===== SUPPLIED MATERIAL
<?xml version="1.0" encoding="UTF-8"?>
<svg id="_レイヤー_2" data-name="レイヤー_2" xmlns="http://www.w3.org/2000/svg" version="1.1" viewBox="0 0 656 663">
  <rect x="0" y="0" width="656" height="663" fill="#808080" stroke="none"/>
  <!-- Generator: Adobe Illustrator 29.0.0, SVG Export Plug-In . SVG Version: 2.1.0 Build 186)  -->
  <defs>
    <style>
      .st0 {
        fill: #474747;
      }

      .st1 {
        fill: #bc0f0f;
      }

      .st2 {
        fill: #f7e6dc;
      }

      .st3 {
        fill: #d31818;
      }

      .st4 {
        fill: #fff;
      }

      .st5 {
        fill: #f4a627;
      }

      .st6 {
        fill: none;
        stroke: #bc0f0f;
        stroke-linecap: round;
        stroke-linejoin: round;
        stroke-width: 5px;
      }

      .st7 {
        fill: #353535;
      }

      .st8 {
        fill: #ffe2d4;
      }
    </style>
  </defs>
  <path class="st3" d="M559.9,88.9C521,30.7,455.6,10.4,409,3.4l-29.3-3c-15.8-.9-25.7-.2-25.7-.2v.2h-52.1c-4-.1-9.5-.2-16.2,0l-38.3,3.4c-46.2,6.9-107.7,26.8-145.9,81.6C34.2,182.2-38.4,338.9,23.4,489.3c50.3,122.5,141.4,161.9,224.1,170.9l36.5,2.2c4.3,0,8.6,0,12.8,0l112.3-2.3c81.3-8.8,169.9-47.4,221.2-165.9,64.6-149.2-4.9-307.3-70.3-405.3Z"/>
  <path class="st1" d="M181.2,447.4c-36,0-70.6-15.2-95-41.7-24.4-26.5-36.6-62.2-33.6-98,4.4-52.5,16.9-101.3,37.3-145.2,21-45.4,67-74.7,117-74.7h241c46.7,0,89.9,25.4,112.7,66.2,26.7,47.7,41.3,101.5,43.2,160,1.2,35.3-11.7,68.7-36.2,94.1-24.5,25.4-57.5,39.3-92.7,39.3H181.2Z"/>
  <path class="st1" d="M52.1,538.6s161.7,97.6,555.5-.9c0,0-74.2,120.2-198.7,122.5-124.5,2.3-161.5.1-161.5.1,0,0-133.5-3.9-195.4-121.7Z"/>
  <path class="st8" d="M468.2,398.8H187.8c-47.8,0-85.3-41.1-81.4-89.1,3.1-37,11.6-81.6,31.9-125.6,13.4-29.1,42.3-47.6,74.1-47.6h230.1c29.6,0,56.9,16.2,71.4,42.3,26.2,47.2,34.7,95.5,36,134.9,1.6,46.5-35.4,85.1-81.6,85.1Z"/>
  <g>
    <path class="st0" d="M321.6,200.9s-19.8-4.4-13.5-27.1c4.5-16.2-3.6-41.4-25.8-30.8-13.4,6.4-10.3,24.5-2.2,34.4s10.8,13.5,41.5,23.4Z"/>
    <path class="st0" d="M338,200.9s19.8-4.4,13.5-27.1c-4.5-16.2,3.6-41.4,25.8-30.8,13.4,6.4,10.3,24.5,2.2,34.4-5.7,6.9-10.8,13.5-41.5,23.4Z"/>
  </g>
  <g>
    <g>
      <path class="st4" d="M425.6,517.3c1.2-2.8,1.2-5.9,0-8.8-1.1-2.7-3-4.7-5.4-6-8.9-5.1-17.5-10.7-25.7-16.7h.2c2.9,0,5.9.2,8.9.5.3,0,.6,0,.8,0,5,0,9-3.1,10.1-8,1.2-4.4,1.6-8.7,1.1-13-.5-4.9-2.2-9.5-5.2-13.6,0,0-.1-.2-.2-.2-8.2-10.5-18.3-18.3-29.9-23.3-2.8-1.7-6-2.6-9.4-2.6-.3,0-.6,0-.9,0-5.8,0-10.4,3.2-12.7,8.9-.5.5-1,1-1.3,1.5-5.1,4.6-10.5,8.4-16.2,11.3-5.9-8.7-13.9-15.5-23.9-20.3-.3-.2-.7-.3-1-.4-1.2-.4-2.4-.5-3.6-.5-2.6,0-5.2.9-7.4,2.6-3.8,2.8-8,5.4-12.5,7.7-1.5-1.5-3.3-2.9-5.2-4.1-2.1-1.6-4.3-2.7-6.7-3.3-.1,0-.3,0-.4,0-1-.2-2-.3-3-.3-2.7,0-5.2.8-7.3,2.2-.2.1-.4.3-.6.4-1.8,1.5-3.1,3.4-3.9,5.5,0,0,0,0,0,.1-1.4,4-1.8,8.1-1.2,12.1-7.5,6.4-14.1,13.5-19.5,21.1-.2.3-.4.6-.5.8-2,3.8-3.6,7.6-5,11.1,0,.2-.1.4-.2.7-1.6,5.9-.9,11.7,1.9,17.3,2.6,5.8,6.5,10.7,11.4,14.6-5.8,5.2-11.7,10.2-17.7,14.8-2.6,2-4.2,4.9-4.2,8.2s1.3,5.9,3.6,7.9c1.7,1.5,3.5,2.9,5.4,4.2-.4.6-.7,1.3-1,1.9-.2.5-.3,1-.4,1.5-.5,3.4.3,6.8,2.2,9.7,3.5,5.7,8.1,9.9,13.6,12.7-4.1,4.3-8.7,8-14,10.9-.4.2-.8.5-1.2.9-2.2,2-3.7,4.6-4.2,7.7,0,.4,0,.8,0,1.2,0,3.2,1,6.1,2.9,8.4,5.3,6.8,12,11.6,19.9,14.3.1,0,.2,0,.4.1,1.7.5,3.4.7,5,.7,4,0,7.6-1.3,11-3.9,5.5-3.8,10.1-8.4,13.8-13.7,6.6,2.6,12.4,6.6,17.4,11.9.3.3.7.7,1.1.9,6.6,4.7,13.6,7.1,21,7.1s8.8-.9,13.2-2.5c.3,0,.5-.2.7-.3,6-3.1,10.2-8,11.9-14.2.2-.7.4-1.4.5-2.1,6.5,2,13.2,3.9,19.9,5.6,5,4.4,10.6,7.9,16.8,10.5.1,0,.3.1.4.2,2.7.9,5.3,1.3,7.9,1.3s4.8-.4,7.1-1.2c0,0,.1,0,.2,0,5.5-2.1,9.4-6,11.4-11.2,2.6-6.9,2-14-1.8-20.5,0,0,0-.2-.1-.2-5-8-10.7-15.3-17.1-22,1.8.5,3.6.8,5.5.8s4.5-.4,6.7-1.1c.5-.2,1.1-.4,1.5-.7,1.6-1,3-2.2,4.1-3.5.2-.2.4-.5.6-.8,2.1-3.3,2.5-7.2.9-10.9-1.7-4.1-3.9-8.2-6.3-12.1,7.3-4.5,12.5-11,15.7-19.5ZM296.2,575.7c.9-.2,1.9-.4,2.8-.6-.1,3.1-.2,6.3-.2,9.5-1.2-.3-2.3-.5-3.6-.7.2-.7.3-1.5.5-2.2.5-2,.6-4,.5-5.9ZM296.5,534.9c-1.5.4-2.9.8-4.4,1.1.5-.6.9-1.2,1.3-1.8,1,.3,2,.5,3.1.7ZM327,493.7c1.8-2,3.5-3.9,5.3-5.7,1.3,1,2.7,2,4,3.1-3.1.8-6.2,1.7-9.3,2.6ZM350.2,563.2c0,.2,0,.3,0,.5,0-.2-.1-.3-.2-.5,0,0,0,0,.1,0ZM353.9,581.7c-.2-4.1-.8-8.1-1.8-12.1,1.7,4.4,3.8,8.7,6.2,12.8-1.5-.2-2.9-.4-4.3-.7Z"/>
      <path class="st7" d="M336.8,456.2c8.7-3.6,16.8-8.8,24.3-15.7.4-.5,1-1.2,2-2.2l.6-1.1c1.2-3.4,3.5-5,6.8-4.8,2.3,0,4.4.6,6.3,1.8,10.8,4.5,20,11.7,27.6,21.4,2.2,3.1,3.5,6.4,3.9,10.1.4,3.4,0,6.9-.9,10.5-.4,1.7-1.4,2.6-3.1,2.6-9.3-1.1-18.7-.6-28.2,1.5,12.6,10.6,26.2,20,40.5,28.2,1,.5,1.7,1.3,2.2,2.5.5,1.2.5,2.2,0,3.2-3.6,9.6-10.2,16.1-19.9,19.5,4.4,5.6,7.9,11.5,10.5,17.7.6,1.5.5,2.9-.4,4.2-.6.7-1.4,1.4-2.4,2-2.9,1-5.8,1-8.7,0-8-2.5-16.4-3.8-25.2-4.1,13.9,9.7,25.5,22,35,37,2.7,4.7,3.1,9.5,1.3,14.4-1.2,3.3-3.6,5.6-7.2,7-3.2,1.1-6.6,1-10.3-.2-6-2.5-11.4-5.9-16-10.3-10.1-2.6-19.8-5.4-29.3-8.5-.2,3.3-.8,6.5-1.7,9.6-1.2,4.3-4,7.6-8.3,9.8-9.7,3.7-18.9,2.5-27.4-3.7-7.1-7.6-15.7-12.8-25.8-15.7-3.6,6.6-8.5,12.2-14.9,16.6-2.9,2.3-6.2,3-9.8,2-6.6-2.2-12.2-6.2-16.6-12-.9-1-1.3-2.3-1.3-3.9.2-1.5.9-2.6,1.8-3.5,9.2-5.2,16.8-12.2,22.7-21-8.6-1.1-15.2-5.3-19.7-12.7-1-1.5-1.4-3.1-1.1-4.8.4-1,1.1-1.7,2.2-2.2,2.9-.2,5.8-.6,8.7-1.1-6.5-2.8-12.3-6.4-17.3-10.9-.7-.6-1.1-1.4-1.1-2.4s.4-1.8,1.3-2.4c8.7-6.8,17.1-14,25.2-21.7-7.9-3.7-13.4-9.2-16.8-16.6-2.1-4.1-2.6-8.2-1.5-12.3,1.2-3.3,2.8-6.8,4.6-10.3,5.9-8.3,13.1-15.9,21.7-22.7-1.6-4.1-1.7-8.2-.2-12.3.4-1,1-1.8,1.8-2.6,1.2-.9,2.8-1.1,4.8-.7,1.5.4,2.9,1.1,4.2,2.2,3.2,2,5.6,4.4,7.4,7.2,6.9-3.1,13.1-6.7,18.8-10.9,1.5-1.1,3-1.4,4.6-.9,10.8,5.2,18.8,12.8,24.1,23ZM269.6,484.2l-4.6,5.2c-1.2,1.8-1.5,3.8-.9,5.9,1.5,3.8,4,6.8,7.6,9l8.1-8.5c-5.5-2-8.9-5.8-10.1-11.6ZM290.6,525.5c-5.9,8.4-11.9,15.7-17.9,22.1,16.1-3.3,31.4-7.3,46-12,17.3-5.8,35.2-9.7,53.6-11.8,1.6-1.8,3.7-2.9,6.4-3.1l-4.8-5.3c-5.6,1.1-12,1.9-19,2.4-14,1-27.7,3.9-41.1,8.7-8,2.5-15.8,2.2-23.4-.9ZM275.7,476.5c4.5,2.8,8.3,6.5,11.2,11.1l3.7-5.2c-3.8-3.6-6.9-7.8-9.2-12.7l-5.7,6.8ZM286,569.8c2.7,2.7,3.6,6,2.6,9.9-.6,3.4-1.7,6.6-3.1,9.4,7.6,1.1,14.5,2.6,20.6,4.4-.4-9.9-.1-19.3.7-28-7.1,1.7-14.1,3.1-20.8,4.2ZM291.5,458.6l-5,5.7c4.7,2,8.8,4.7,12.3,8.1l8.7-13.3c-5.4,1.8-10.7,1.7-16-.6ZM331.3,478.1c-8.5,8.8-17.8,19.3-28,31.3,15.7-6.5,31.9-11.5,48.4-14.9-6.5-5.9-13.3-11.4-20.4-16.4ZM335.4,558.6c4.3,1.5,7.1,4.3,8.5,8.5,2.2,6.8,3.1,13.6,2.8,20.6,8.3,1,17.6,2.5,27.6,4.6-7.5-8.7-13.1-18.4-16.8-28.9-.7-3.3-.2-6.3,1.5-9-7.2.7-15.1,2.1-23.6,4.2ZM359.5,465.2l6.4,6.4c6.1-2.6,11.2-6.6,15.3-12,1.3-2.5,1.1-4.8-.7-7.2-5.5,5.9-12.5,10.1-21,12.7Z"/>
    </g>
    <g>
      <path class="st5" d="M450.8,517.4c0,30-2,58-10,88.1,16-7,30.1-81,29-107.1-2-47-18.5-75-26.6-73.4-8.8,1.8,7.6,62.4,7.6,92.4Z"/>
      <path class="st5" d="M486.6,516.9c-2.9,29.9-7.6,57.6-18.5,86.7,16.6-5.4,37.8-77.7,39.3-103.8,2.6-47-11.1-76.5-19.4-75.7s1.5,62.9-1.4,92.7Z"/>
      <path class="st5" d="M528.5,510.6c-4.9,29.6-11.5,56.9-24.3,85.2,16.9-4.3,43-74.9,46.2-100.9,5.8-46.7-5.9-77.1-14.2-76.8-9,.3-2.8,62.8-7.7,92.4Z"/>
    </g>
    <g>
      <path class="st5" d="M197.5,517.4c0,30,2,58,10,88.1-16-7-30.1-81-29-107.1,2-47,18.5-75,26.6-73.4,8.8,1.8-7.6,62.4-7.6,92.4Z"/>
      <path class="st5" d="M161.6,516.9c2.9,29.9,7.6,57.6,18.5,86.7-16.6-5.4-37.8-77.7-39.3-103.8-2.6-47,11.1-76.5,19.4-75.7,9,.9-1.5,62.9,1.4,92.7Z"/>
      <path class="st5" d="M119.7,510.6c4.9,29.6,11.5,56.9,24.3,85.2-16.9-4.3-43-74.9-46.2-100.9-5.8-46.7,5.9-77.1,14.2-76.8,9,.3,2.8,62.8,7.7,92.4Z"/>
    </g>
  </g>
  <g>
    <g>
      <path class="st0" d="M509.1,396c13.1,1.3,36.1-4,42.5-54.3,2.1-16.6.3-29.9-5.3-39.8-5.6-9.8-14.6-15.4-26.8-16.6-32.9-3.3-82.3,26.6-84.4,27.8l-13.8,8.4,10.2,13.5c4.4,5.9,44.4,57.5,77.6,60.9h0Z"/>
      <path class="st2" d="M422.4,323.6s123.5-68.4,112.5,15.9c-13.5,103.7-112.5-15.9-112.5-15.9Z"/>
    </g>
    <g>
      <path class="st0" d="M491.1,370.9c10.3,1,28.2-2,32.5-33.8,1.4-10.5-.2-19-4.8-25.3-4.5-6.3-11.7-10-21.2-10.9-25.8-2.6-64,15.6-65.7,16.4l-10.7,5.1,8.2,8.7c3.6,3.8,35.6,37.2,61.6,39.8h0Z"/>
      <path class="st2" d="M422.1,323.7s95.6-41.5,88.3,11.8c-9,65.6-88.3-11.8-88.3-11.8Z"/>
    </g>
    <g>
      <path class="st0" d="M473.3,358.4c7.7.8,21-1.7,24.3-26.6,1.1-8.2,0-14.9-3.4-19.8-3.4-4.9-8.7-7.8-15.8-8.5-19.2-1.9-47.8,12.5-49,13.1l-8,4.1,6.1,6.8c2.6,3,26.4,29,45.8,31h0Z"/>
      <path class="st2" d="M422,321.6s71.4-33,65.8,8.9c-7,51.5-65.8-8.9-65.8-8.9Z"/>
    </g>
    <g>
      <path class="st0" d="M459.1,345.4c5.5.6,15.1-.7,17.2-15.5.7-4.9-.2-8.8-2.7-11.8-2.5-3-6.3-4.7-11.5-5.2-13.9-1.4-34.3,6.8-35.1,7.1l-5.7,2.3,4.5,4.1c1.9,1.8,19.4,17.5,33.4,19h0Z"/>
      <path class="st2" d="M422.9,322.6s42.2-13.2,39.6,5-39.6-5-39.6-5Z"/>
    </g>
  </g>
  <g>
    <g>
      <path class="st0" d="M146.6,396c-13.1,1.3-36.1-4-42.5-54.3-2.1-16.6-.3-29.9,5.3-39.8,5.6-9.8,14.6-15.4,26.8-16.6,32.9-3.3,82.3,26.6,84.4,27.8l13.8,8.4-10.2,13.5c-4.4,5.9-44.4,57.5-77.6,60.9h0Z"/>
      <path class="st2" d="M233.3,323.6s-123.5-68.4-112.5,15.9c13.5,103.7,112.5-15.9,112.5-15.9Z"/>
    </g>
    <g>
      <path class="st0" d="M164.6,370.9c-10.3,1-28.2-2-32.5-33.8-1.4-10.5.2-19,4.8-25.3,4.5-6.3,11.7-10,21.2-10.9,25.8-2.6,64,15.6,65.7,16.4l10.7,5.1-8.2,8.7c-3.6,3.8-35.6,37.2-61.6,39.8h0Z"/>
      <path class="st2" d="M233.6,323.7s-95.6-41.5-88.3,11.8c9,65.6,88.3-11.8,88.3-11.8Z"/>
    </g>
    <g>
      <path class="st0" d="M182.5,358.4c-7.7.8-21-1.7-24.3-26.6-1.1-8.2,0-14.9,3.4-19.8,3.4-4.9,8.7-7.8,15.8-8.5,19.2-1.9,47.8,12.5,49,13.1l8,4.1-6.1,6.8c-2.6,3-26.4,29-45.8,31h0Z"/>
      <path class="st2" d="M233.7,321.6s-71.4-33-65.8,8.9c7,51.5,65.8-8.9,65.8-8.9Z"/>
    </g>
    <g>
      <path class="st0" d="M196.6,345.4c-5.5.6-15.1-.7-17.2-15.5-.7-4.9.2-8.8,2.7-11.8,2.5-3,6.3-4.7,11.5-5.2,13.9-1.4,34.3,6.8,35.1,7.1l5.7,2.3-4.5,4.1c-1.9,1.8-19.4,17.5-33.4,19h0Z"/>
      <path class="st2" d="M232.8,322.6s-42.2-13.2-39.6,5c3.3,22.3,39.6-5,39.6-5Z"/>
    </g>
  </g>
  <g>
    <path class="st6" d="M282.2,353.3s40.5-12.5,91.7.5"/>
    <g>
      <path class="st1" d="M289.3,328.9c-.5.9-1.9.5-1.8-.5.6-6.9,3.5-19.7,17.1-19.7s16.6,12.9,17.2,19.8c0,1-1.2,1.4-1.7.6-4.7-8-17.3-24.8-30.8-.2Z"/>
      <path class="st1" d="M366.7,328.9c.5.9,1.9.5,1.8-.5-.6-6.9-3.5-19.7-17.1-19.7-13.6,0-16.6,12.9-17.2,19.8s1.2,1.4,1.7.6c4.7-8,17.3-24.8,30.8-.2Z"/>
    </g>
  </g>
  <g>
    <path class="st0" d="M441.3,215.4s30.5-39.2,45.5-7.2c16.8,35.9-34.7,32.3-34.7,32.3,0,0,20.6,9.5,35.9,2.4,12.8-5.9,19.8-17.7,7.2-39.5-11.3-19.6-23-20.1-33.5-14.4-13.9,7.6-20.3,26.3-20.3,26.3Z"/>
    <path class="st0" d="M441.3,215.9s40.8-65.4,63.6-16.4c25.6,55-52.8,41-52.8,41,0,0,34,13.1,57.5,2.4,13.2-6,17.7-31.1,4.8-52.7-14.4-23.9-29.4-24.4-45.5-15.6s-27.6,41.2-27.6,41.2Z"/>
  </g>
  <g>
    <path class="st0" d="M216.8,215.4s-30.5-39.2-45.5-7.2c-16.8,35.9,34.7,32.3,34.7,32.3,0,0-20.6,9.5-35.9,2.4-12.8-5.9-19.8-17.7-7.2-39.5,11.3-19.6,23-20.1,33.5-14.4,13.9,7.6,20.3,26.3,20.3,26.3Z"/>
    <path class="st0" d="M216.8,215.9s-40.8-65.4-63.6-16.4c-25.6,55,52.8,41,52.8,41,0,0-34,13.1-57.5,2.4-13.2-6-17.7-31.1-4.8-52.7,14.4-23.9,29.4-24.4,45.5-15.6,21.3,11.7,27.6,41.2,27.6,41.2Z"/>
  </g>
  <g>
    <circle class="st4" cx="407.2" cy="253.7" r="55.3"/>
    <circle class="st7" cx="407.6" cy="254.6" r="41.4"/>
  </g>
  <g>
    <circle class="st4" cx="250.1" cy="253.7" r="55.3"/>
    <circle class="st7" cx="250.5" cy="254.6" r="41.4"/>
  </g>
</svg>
==========
ACTIVITY
When a line in the records above holds "none", that line is to be reported.

SOLUTION TO THIS EXERCISE
  <rect x="0" y="0" width="656" height="663" fill="#808080" stroke="none"/>
        fill: none;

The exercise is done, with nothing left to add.